Icodextrin may also have beneficial effects via mechanisms other than fluid balance. Appetite is regulated by the hypothalamus via several circulating mediators.[18] Leptin, a protein of 167 amino acids, is one of these mediators.[19] Leptin directly affects the hypothalamus by decreasing appetite and increasing metabolism.[18] Recent studies suggest that hypoleptinemia may cause uremic anorexia and malnutrition.[20] Patients under peritoneal dialysis therapy have higher leptin levels than those under hemodialysis therapy.[18] Serum leptin levels progressively increase under PD therapy because of marked increases in body fat mass as a consequence of continuous carbohydrate load.[21] Recent studies indicate that icodextrin administration is followed by a decrease in leptonema.[22] Decreased leptin levels may result from a reduction in body weight due to decreased carbohydrate load, or enhanced elimination of leptin due to ultrafiltration-induced convective transport.[22] Data for serum leptin levels were not available for these patients. Further studies may examine whether leptin levels are decreased in patients using icodextrin dialysates.

This retrospective case-control study did not control for PET categories, as only patients in high or high average PET categories used icodextrin dialysis.

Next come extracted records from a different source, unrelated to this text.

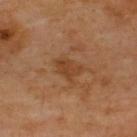Q: Is there a histopathology result?
A: imaged on a skin check; not biopsied
Q: Who is the patient?
A: aged approximately 65
Q: What kind of image is this?
A: ~15 mm crop, total-body skin-cancer survey
Q: How was the tile lit?
A: cross-polarized illumination
Q: What is the lesion's diameter?
A: ~3 mm (longest diameter)
Q: Automated lesion metrics?
A: a shape eccentricity near 0.65 and a symmetry-axis asymmetry near 0.3; an average lesion color of about L≈41 a*≈22 b*≈35 (CIELAB), about 7 CIELAB-L* units darker than the surrounding skin, and a normalized lesion–skin contrast near 6.5; a classifier nevus-likeness of about 0/100 and lesion-presence confidence of about 100/100
Q: Where on the body is the lesion?
A: the upper back
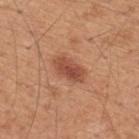Clinical impression:
This lesion was catalogued during total-body skin photography and was not selected for biopsy.
Acquisition and patient details:
Cropped from a whole-body photographic skin survey; the tile spans about 15 mm. Longest diameter approximately 4 mm. On the back. Captured under white-light illumination. A male patient aged 43 to 47. Automated image analysis of the tile measured an area of roughly 7.5 mm², an outline eccentricity of about 0.8 (0 = round, 1 = elongated), and a shape-asymmetry score of about 0.2 (0 = symmetric). The software also gave an average lesion color of about L≈50 a*≈26 b*≈32 (CIELAB) and about 11 CIELAB-L* units darker than the surrounding skin.
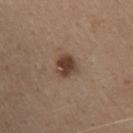{
  "patient": {
    "sex": "female",
    "age_approx": 35
  },
  "automated_metrics": {
    "area_mm2_approx": 5.5,
    "eccentricity": 0.5,
    "shape_asymmetry": 0.2,
    "cielab_L": 41,
    "cielab_a": 17,
    "cielab_b": 26,
    "vs_skin_contrast_norm": 10.0,
    "nevus_likeness_0_100": 90,
    "lesion_detection_confidence_0_100": 100
  },
  "site": "upper back",
  "image": {
    "source": "total-body photography crop",
    "field_of_view_mm": 15
  },
  "lighting": "white-light",
  "lesion_size": {
    "long_diameter_mm_approx": 3.0
  }
}
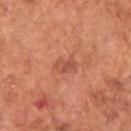The lesion is on the upper back. The lesion-visualizer software estimated roughly 8 lightness units darker than nearby skin. The software also gave border irregularity of about 3 on a 0–10 scale. The software also gave an automated nevus-likeness rating near 20 out of 100 and a lesion-detection confidence of about 100/100. The recorded lesion diameter is about 2.5 mm. A roughly 15 mm field-of-view crop from a total-body skin photograph. The patient is a male in their mid-60s.
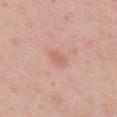Case summary:
• workup: no biopsy performed (imaged during a skin exam)
• image source: 15 mm crop, total-body photography
• illumination: white-light
• location: the upper back
• subject: female, approximately 50 years of age
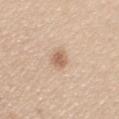Q: Automated lesion metrics?
A: border irregularity of about 3 on a 0–10 scale
Q: Patient demographics?
A: female, roughly 25 years of age
Q: Illumination type?
A: white-light
Q: Where on the body is the lesion?
A: the left upper arm
Q: Lesion size?
A: about 3 mm
Q: What is the imaging modality?
A: total-body-photography crop, ~15 mm field of view
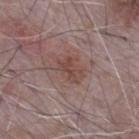Notes:
- subject: male, approximately 65 years of age
- site: the back
- imaging modality: ~15 mm tile from a whole-body skin photo
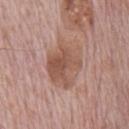Acquisition and patient details:
A male subject, in their 70s. The tile uses white-light illumination. The recorded lesion diameter is about 6 mm. A region of skin cropped from a whole-body photographic capture, roughly 15 mm wide. Located on the chest.

However, these patients are associated with poor nutritional status.[23] The specific characteristics of these patients further demonstrate the beneficial effects of icodextrin on the nutritional status of this specific patient group. Prospective randomized studies are needed to clarify the causal relationship between icodextrin dialysis and nutrition-inflammatory status in PD patients with different membrane permeability characteristics. However, because of ethical concerns, performing randomized prospective studies in high permeability PD patients is problematic. Previous well-designed studies have already determined that icodextrin is beneficial for fluid control in high permeability PD patients and is associated with lower mortality and morbidity.[24–28] However, conducting a prospective randomized clinical study to answer this important question would be inappropriate. We believe the current finding of an association between icodextrin dialysis and nutrition-inflammatory status is of clinical interest and important for daily clinical care of PD patients.

In conclusion, icodextrin may improve nutritional and inflammatory parameters in high permeability PD patients. The effect may be beneficial for patients under PD therapy. However, further studies are necessary to evaluate the long-term effects of icodextrin on clinical outcome.

DECLARATION OF INTEREST

The authors report no conflicts of interest. The authors alone are responsible for the content and writing of the paper.

ACKNOWLEDGMENTS

The authors would like to thank Ted Knoy for his editorial assistance.